→ **What the task requires**: Look through the entries below and count the lines with "tall" in them; the reply is the number alone.

→ **Data under study**:
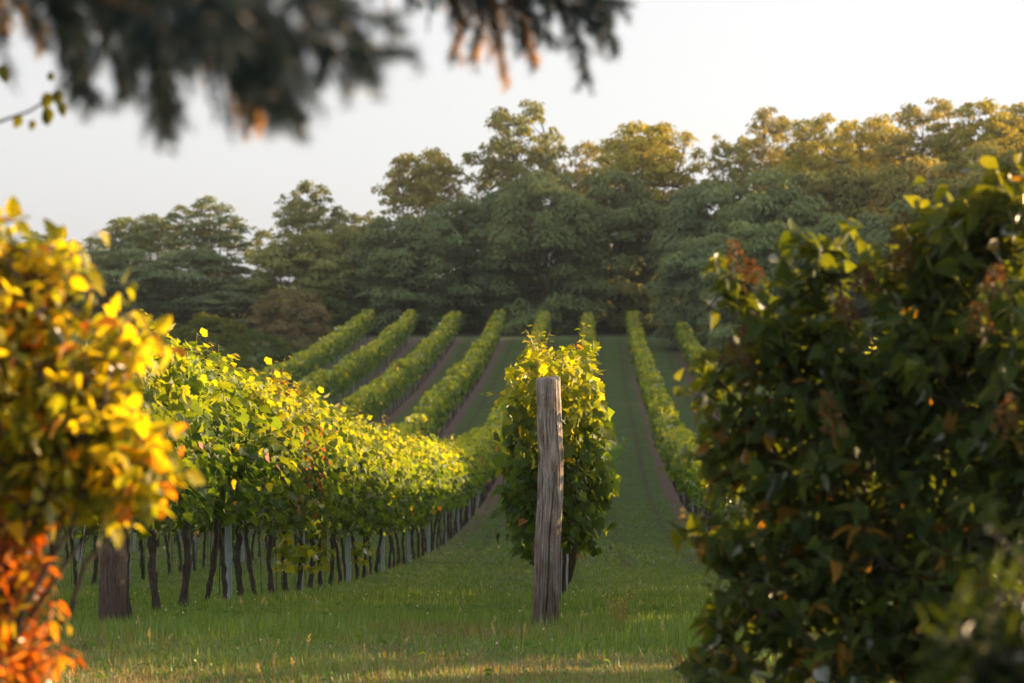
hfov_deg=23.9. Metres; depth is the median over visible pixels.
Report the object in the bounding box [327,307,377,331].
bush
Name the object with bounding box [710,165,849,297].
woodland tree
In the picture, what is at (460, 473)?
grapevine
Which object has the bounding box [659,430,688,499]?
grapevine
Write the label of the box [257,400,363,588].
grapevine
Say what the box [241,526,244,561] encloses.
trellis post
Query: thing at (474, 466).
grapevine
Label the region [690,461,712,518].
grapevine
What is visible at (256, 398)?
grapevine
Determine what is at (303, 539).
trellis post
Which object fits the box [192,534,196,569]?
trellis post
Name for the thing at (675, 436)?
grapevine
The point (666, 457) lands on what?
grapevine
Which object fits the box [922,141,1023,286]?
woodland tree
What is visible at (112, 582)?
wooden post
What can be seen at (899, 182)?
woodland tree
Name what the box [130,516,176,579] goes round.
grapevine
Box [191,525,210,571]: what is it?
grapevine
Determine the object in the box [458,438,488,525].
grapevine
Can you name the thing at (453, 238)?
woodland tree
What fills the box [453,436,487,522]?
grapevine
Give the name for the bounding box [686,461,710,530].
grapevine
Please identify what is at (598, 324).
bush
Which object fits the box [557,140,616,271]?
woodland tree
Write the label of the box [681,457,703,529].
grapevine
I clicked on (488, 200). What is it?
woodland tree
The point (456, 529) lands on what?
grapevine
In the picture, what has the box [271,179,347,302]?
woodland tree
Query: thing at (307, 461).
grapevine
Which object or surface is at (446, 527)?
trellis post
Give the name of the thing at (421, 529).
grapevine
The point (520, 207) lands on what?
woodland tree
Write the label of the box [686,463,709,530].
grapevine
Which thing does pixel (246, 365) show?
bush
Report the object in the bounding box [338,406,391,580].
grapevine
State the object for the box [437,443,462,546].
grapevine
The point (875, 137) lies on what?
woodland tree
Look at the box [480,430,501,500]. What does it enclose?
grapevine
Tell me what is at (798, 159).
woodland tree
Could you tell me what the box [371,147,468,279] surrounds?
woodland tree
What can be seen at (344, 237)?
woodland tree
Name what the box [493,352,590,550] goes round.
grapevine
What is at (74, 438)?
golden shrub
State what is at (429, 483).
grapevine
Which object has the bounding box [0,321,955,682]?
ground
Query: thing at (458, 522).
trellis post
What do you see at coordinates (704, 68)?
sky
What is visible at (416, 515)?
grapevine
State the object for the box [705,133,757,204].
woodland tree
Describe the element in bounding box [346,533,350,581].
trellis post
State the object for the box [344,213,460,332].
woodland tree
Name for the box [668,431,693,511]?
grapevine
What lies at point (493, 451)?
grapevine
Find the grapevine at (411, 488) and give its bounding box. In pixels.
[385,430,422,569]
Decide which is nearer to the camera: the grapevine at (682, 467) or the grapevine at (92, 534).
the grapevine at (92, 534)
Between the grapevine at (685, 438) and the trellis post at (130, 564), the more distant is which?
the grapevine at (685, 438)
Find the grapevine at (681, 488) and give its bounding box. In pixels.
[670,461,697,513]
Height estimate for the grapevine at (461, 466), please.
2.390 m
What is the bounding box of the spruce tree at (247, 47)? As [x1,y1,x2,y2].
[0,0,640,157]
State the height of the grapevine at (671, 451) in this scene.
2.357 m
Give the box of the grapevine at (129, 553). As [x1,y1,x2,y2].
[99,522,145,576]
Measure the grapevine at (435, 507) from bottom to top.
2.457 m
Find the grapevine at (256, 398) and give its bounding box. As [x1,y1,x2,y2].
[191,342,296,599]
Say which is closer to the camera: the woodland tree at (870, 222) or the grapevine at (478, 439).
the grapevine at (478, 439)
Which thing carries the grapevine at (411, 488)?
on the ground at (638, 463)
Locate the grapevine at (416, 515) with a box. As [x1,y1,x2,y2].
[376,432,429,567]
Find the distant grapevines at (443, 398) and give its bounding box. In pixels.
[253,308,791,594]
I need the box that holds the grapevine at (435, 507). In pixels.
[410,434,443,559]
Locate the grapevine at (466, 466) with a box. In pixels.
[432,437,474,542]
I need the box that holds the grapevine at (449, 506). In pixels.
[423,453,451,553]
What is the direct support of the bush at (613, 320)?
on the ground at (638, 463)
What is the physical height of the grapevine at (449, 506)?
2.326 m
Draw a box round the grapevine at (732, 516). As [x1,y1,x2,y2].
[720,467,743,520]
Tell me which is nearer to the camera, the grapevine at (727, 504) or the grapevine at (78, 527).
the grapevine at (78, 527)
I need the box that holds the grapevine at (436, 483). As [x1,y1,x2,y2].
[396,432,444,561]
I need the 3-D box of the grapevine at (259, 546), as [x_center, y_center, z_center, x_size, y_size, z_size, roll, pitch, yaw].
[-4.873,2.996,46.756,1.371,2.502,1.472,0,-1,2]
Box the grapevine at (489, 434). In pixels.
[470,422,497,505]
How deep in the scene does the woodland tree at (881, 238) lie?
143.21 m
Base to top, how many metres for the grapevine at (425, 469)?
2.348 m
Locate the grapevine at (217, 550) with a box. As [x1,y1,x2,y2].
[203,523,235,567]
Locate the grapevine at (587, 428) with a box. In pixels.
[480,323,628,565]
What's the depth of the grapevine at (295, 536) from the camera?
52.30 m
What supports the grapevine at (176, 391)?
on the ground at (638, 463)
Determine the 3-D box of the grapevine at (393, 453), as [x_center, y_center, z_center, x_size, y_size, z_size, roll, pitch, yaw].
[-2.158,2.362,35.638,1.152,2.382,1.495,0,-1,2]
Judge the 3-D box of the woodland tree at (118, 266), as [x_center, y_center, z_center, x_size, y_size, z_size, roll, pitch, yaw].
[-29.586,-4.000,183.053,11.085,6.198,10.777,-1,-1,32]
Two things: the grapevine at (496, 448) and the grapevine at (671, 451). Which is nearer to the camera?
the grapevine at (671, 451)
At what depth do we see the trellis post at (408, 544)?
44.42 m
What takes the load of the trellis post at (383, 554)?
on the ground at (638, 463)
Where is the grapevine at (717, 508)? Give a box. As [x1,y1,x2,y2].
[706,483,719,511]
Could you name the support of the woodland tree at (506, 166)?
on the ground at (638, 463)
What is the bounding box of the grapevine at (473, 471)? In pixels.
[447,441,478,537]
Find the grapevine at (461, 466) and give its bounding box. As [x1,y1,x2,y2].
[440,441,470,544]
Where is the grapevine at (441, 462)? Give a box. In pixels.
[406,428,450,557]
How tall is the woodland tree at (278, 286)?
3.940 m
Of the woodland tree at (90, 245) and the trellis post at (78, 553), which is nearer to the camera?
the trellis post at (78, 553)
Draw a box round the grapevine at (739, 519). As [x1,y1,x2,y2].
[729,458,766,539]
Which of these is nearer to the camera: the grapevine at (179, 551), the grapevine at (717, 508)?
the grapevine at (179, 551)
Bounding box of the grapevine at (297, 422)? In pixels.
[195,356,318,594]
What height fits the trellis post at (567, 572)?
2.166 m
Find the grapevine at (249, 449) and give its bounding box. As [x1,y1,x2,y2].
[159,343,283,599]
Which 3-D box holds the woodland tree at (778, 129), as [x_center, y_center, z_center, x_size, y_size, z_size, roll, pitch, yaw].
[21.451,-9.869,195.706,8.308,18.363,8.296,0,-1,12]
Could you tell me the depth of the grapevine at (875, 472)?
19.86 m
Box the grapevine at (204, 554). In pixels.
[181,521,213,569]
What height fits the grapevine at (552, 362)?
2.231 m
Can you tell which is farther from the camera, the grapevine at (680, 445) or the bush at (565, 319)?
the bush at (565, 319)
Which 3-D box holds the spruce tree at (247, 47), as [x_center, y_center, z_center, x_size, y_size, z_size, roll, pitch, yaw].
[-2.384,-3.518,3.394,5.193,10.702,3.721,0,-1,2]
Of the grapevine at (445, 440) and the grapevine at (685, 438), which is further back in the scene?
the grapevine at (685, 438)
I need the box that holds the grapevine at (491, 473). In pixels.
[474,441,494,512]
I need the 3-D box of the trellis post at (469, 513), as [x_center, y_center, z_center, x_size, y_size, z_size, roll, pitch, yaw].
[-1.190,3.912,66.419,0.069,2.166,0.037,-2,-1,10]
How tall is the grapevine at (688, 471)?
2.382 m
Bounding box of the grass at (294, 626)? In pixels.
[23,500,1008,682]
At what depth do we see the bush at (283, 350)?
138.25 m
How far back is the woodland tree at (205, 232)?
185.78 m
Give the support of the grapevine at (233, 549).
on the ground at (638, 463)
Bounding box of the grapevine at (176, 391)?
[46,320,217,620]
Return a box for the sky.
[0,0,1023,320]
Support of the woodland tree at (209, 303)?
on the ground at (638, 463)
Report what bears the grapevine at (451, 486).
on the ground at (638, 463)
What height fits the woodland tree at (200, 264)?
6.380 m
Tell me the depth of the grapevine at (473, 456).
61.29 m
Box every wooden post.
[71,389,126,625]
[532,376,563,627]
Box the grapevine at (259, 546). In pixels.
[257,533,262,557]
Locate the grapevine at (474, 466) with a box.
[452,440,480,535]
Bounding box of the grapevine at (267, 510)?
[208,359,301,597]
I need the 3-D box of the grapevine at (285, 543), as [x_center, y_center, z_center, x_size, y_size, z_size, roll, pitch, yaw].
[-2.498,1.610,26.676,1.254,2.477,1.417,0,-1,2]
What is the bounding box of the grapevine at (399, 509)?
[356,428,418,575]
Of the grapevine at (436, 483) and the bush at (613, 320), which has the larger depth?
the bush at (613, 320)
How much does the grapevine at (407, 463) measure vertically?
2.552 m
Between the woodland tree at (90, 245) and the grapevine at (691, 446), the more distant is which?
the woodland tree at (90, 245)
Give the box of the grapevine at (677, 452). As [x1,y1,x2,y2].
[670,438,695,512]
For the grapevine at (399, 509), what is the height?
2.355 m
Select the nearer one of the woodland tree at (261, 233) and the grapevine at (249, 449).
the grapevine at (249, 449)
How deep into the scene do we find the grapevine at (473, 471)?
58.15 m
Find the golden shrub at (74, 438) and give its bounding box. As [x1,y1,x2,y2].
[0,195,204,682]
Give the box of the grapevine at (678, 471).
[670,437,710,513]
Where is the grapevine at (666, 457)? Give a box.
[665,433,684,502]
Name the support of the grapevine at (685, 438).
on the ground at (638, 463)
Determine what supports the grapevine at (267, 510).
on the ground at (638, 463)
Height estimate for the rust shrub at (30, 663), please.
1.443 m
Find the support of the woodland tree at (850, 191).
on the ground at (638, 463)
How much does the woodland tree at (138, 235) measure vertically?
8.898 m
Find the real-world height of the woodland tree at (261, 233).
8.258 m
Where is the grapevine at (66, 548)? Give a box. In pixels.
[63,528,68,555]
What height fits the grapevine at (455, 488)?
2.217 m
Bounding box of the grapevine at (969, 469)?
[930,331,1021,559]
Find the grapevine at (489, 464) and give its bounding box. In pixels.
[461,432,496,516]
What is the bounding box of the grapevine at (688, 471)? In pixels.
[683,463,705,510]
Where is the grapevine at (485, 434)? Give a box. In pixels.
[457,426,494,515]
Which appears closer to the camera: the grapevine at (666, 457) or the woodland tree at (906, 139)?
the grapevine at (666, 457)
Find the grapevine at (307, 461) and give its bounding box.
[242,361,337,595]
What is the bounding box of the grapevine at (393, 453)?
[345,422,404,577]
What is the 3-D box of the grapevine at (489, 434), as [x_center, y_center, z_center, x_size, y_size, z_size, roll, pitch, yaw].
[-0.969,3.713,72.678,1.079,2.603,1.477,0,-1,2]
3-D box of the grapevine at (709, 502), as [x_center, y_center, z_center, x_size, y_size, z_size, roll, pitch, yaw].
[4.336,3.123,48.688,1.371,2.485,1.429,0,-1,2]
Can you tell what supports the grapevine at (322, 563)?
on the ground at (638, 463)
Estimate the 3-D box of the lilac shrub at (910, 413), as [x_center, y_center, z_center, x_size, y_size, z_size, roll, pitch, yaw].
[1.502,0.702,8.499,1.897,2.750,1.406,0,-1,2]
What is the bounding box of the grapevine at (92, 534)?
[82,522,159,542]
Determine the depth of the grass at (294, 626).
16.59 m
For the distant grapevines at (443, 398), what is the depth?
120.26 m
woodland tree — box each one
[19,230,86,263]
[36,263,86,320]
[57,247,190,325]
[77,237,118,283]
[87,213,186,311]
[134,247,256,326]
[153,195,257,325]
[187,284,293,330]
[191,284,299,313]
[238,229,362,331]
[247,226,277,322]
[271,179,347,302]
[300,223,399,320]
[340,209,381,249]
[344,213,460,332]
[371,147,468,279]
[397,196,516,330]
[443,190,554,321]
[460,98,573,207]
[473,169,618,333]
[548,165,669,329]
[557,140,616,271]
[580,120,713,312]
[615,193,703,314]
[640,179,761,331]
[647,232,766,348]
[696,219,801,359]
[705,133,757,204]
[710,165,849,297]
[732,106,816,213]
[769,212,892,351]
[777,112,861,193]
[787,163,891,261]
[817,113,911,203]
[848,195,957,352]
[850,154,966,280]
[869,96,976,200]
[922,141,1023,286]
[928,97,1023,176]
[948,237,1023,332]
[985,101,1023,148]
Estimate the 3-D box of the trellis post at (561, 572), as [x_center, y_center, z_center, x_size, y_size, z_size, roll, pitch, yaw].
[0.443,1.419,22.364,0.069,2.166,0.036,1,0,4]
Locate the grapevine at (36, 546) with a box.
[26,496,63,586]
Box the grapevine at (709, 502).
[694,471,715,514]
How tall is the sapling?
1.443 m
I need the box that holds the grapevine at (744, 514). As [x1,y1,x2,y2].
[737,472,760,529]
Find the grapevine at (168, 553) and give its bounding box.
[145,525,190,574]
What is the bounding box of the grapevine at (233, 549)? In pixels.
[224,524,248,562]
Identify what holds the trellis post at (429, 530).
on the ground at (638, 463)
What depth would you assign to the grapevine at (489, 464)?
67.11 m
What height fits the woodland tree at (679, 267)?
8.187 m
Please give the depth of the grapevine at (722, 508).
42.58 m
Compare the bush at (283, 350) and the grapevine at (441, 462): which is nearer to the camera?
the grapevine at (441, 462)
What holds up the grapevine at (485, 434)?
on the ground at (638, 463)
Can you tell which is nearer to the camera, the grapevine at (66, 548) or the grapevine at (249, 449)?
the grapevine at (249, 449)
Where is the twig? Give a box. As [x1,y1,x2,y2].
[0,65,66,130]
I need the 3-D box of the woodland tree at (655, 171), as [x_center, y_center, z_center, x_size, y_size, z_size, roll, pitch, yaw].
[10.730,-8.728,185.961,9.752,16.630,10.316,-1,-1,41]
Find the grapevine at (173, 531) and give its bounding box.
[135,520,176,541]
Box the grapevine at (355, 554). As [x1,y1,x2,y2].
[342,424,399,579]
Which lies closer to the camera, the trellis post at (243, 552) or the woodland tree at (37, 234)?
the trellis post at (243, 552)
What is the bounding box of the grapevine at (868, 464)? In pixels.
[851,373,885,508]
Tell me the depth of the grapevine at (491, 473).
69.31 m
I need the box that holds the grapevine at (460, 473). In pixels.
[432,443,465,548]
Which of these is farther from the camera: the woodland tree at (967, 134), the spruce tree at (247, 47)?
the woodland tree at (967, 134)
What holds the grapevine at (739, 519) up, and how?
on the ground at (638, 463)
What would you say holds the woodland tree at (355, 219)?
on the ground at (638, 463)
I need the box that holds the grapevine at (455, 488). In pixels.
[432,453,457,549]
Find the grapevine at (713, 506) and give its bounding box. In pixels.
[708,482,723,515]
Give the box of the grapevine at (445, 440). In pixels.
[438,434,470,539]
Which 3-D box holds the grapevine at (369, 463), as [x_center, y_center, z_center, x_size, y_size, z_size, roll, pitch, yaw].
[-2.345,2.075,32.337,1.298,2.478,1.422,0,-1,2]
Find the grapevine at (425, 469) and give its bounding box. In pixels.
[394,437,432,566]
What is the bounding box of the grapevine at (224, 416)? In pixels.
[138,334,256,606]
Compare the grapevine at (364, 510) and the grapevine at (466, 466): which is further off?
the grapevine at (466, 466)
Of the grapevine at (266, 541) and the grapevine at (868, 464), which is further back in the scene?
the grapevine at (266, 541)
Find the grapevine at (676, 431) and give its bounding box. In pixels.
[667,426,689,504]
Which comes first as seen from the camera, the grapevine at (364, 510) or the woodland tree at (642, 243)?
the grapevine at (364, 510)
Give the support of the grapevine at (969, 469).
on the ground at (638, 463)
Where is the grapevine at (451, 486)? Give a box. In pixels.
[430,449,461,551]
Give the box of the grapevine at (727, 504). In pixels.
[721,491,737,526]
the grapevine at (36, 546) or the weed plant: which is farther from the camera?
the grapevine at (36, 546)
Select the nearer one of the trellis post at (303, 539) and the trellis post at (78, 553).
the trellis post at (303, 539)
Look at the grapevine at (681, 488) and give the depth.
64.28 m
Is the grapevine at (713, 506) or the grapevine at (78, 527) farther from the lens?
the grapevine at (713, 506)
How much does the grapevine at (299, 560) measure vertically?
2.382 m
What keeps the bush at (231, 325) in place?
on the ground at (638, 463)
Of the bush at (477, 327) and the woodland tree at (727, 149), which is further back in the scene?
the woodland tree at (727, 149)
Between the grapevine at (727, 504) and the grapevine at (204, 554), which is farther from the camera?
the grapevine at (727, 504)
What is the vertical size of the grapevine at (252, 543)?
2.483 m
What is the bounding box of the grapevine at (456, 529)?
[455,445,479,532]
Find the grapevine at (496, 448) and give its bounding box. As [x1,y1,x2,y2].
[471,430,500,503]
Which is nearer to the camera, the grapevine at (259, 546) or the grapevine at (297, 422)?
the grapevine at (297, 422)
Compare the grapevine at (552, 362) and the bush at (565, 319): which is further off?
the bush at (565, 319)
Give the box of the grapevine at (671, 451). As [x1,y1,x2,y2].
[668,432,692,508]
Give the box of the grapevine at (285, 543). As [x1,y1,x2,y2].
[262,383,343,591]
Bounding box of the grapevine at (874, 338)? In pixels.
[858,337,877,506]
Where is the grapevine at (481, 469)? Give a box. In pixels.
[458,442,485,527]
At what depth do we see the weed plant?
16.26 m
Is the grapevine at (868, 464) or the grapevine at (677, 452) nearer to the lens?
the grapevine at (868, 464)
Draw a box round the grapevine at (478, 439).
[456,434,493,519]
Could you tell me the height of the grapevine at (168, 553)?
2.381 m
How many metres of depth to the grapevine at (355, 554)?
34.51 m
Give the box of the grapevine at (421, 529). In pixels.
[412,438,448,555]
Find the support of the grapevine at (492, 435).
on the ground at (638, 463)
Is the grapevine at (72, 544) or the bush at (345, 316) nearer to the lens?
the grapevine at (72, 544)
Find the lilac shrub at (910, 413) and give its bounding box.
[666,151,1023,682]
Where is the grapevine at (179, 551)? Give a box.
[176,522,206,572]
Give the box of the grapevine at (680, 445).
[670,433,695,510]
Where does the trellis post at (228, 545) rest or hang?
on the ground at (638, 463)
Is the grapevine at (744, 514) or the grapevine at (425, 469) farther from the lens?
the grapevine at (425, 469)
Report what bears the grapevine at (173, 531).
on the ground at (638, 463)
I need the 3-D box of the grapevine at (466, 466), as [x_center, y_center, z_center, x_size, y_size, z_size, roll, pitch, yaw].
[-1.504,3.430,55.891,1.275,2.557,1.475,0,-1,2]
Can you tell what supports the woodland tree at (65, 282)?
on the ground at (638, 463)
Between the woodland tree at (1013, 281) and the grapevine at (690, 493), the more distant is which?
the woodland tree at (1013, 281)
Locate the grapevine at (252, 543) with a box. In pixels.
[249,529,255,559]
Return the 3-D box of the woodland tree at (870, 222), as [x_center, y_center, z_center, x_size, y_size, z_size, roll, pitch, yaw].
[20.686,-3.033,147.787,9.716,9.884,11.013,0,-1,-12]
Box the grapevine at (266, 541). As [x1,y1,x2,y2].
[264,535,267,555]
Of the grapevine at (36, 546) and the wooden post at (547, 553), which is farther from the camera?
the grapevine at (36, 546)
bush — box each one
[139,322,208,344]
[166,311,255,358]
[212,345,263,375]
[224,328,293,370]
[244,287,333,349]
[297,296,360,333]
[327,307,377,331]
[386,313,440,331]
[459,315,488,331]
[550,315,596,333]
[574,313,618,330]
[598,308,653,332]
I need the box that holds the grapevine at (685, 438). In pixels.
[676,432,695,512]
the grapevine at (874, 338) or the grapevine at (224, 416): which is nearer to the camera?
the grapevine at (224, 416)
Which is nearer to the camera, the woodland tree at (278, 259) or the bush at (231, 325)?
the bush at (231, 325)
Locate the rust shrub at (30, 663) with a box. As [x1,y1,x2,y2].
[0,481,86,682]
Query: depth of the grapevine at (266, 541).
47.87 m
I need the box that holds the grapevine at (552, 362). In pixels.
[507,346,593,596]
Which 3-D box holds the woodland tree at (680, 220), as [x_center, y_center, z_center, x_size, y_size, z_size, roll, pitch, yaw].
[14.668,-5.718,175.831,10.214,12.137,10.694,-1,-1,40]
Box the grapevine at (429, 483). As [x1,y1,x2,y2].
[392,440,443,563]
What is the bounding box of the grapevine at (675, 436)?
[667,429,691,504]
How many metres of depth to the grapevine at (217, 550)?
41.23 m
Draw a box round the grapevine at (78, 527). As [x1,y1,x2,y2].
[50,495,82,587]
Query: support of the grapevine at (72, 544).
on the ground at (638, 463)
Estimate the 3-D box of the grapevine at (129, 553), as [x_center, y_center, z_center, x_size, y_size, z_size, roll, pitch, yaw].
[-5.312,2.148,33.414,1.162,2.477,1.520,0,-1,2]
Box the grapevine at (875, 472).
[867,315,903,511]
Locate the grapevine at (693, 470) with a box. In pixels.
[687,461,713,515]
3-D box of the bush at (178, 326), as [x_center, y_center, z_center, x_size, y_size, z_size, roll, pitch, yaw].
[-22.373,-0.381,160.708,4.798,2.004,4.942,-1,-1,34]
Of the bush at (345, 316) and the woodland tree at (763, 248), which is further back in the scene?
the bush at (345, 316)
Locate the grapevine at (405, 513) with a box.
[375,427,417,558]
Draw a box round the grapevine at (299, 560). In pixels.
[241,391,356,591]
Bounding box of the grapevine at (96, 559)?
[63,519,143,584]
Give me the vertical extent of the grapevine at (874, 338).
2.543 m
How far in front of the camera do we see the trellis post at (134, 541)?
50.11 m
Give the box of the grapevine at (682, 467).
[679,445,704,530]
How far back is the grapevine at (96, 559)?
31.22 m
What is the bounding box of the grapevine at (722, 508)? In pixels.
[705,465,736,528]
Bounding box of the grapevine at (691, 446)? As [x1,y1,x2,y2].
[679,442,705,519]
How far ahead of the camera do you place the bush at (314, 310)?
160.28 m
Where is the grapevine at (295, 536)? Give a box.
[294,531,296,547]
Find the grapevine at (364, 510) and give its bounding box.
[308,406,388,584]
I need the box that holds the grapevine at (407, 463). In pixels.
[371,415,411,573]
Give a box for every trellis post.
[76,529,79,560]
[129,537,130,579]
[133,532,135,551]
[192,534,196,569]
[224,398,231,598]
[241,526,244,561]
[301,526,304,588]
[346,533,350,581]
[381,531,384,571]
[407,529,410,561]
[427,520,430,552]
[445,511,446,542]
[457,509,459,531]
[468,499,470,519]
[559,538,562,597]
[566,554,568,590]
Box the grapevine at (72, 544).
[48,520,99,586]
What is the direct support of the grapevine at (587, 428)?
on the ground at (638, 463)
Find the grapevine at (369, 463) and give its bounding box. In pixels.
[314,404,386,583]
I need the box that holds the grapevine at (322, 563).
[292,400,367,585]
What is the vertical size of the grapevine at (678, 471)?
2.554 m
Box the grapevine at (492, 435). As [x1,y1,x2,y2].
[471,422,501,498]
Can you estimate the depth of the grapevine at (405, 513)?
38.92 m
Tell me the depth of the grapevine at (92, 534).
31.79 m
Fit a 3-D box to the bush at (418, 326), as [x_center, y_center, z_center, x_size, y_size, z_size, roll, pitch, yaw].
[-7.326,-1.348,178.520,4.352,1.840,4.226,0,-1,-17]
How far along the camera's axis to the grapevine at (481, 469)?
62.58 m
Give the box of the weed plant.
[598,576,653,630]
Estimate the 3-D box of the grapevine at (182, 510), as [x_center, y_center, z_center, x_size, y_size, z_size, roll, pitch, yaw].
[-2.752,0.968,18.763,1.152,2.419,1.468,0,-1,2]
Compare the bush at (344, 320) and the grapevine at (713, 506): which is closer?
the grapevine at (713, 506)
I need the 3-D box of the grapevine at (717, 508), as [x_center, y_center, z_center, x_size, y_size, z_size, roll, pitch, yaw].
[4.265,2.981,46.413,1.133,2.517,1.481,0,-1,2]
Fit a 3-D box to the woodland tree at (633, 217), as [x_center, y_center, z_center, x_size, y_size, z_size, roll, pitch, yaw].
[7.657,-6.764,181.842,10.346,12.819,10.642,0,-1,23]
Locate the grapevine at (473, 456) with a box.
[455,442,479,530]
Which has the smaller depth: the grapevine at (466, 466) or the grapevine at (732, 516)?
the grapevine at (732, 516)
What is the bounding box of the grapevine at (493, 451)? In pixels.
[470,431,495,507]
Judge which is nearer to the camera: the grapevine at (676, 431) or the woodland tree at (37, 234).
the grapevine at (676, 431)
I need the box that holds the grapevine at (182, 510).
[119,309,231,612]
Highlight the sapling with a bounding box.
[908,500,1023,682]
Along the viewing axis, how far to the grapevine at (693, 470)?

→ **Exercise result**: 3